→ What you will do:
Transcribe every entry word for word, but drop the pictures.

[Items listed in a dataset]
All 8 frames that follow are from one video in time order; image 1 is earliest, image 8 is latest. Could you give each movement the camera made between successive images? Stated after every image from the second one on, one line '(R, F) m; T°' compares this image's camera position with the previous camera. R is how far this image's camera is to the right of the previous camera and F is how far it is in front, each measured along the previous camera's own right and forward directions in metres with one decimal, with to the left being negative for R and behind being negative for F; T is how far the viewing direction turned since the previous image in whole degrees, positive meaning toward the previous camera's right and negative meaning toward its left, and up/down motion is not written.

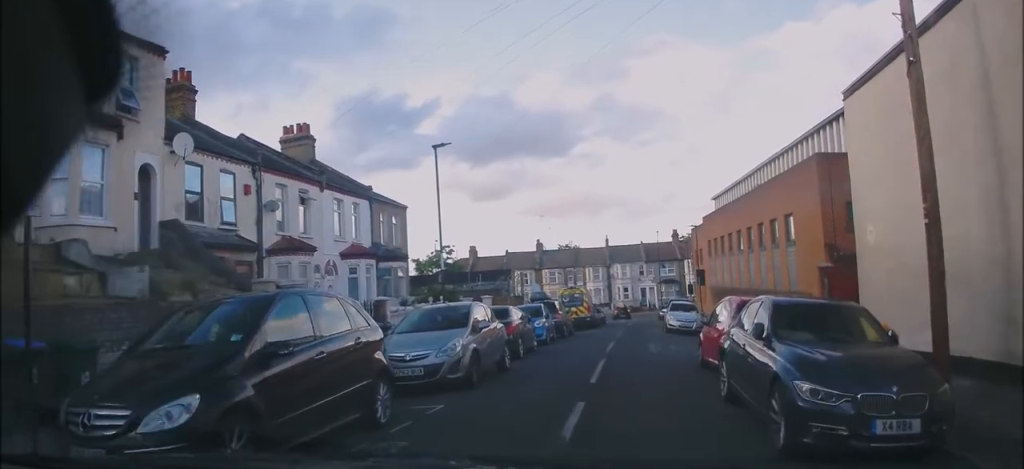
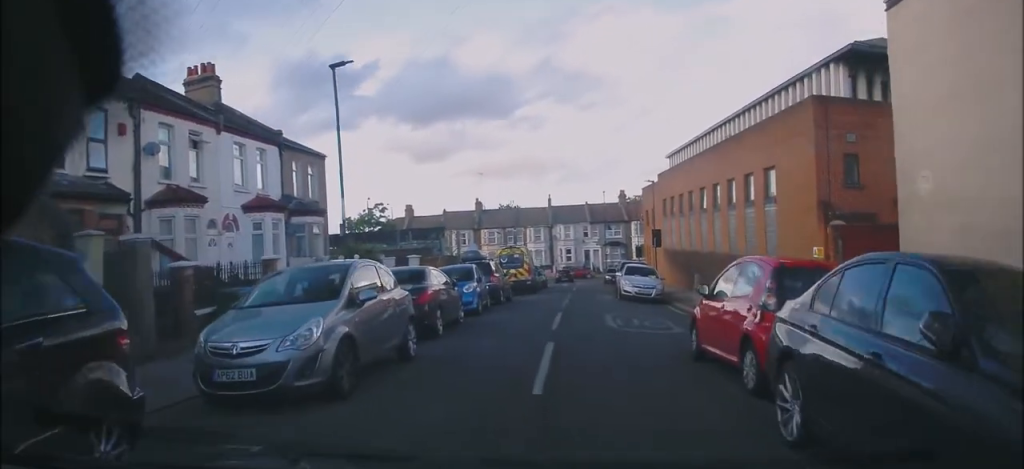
(+0.3, +3.6) m; +2°
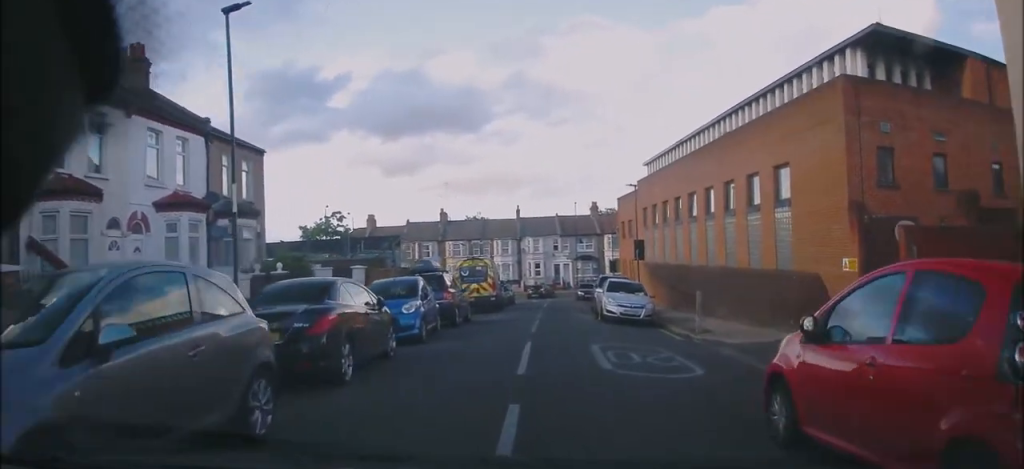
(-0.2, +3.9) m; -4°
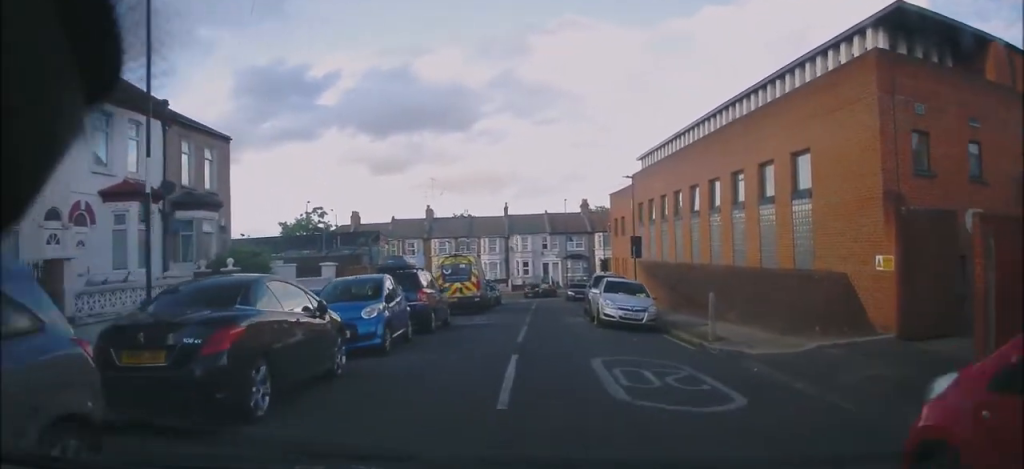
(0.0, +2.3) m; -2°
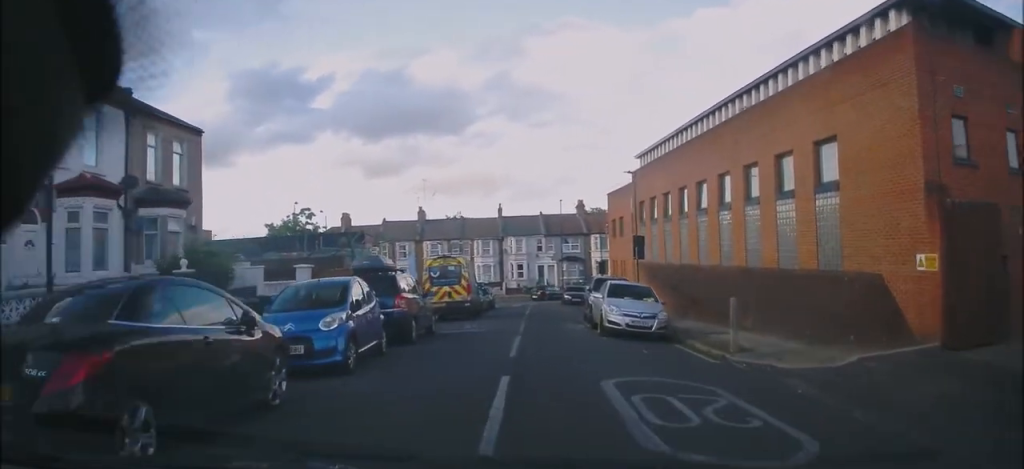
(0.0, +2.0) m; 0°
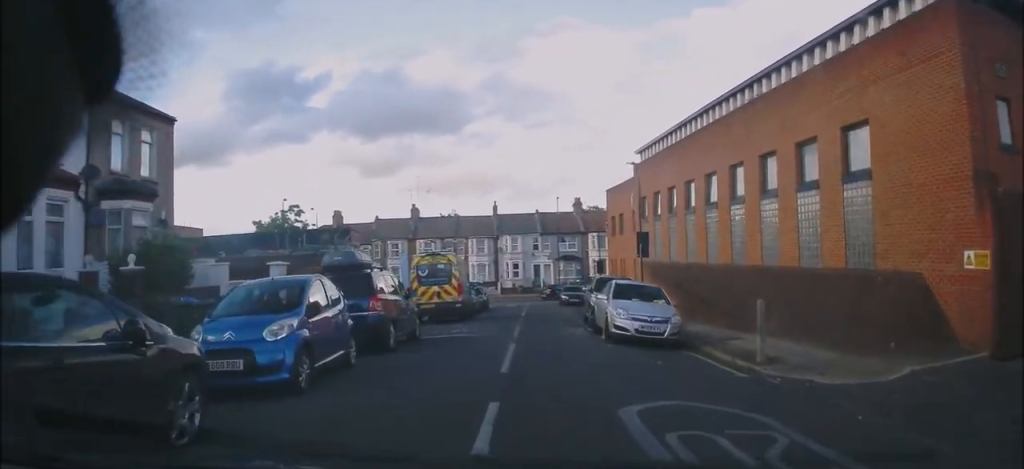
(-0.1, +1.8) m; +1°
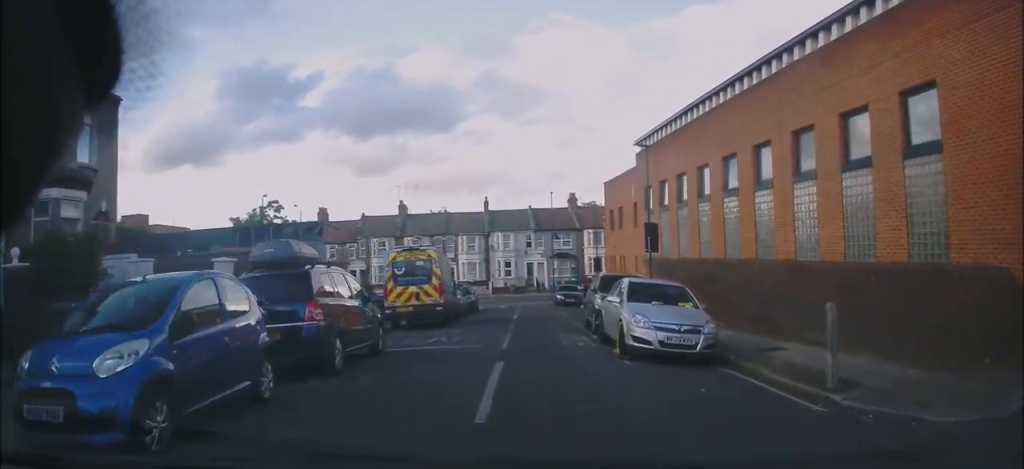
(0.0, +2.9) m; +2°
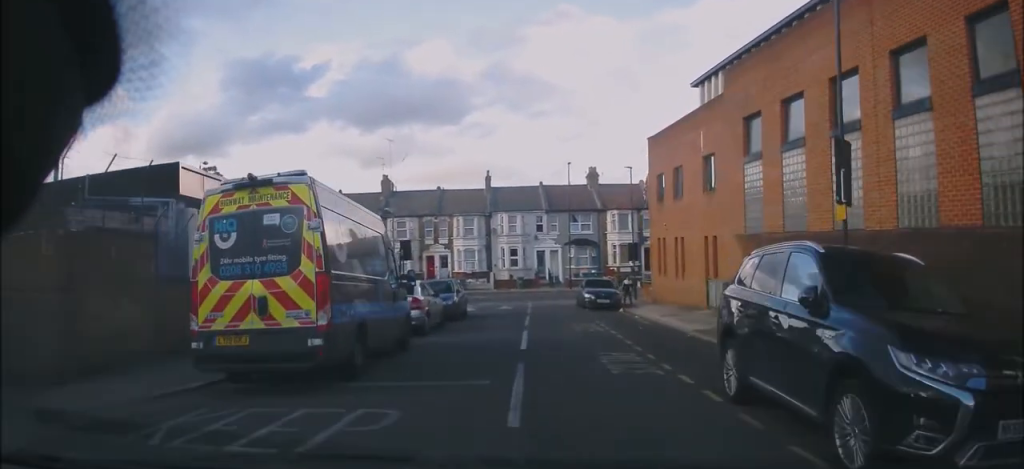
(+0.3, +11.2) m; +1°

→ Solution:
All 8 frames that follow are from one video in time order; image 1 is earliest, image 8 is latest. Could you give each movement the camera made between successive images? Stated after every image from the second one on, one line '(R, F) m; T°' compares this image's camera position with the previous camera. R is how far this image's camera is to the right of the previous camera and F is how far it is in front, each measured along the previous camera's own right and forward directions in metres with one decimal, with to the left being negative for R and behind being negative for F; T is how far the viewing direction turned since the previous image in whole degrees, positive meaning toward the previous camera's right and negative meaning toward its left, and up/down motion is not written.

(+0.3, +3.6) m; +2°
(-0.2, +3.9) m; -4°
(0.0, +2.3) m; -2°
(0.0, +2.0) m; 0°
(-0.1, +1.8) m; +1°
(0.0, +2.9) m; +2°
(+0.3, +11.2) m; +1°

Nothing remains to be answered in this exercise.